# How to specify W,L of resistor

Hello @Matthias ,
I trying to understand How does Klayout specify W, L of resistor in this case, Can you explain?

``````r_body = polygons(32, 0)
r_connector = polygons(31,0)
pin = labels(131,0)
connect(r_connector,pin)
extract_devices(resistor("Res",1),{ "R" => r_body,"C" => r_connector })
``````

result:

circuit resistor ();
device Res \$1 (A=B,B=A) (R=1.02877697842,L=0.143,W=0.139,A=0.010472,P=0.564);
end;

Thank you,
dai

• Hello @dai,

So the blue patched are your terminals? That is kind of strange - usually they are connected on opposite sides.

The computation is L and W assumes a rectangular geometry with two ends being entirely assigned to "contact". The computation follows this scheme:

• Take all edges forming the resistor body
• Extract all edges that make the contacts (-> w_edges)
• Subtract w_edges from all edges taking the rest (-> l_edges)

W is then computed as "total_length(w_edges) / 2" and L is computed as "total_length(l_edges) / 2".

In your case this leads to W being the average of the lengths of the blue stripes and L the average of basically nothing and the long path at the top and right side.

Matthias

• Hello @Matthias
Yes, it is terminals.
i trying extract resistor of polygon shape(L,T.. shape), i split polygons to squares and each square is a resistor so it form resistor like that.
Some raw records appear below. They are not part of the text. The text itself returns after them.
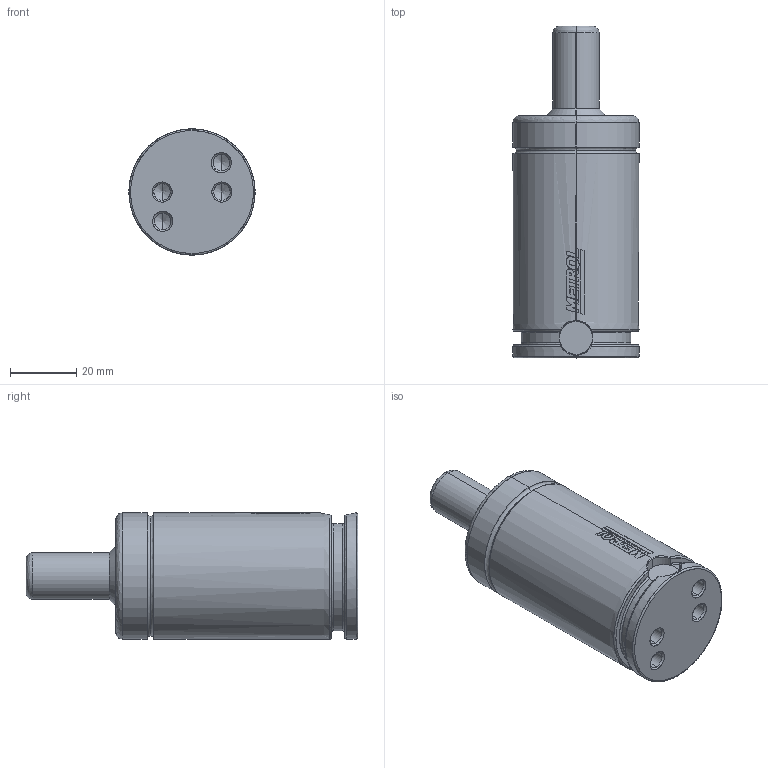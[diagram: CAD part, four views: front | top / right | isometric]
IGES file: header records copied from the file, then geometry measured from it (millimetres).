
Start section: SolidWorks IGES file using analytic representation for surfaces
Global section: file name: ISNG0250-025.igs; native system: SolidWorks 2014; preprocessor: SolidWorks 2014; author: thevault; date: 190315.141304; units: millimetre
Bounding box: 38 x 100 x 38.02 mm (x, y, z)
Surface area: 19392.6 mm2 (no closed solid volume)
Topology: 0 solids, 0 shells, 177 faces, 2101 edges, 2083 vertices
Faces by surface type: bspline 96, revolution 81
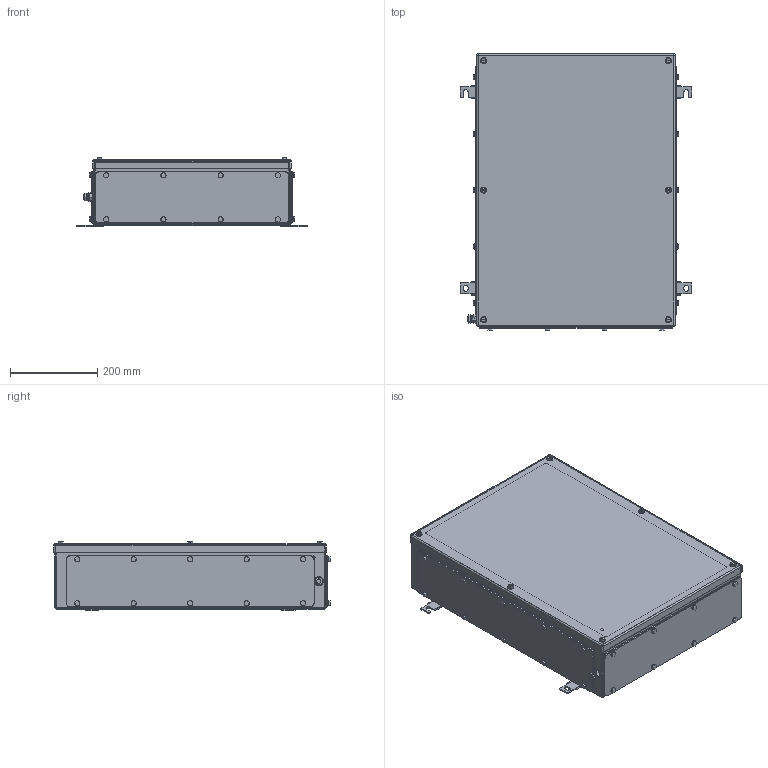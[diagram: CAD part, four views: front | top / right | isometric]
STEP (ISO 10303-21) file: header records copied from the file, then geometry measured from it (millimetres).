
FILE_DESCRIPTION(('CATIA V5 STEP Exchange','CAx-IF Rec.Pracs.--- Model Styling and Organization---1.4--- 2014-01-23'),'2;1');
FILE_NAME ('008682-4_3_1196430000_1196430000.stp','2019-09-25T08:35:08+00:00',('none'),('Weidmueller'),'CATIA Version 5-6 Release 2016 SP3 HF44','CATIA V5 STEP AP214','none');
FILE_SCHEMA(('AUTOMOTIVE_DESIGN { 1 0 10303 214 1 1 1 1 }'));
Products named in the file (1): Product7_AllCATPart
Bounding box: 531 x 633.5 x 158.5 mm (x, y, z)
Volume: 2183600.5 mm3; surface area: 2363363.5 mm2
Topology: 108 solids, 108 shells, 2288 faces, 5204 edges, 3224 vertices
Faces by surface type: cylinder 978, plane 800, cone 452, torus 42, sphere 16
Entity records: 60125 total; most frequent: CARTESIAN_POINT 12192, ORIENTED_EDGE 10216, DIRECTION 7991, EDGE_CURVE 5108, AXIS2_PLACEMENT_3D 3828, VERTEX_POINT 3224, EDGE_LOOP 2724, VECTOR 2566

Here is a example.

Thank you so much.
dai

• I see - I guess my approximation is kind of crude for this application, but basically W and L should should give some average path length and width. Approximately.

Matthias

• Hi @Matthias
BTW
Have any function help to calculate resistance from node 5 to node 6 in this picture?. I can not use netlist.simplify Because it combine all resistor to one. I trying to flag where is high resistor compare others.

Thank you so much!
dai

• It looks like an over-elaborate version of the old school
"counting squares and corners" approach. For a fully
ortho resistor, seems like you could collect rectangles
(w/ orientation relative to current-flow axis, for squares
calculation apiece) and corners (treated as half-square)
pretty straightforwardly?

Now the contact cartoon makes zero sense, there's a
trivial gap where resistance will be way low irrespective
of bulk sheet resistance and further-out geometry. It
also does not match the latest "squares" figure, in the
contact-location aspect.

• @dick_freebird Looks to me like the approach is to subdivide into pieces with a fixed dimension. So the small portion is a left-over part ...

Matthias

• Thank you, @dick_freebird and @Matthias
I think i have to subdivide net into pieces because my net is complex and layout guys just want to show resistance between two specified points that they can select.

dai

• Design resistors are (almost) always simple rectangles with terminals located on the opposite sides, corner to corner. Then you get a simple resistance formula: R=W/L*rsh.

For complex (non-1D) layouts like this, you need to mesh your area, apply proper boundary conditions, simulate, integrate the current along your ports / boundary, divide voltage by current, to get the resistance.

You can either spend some time doing that, or use a free field solver, or buy a commercial tool.
It's a tradeoff between your urgency, capabilities, money you are willing to spend on this, and guaranteed speed of getting the results and their quality.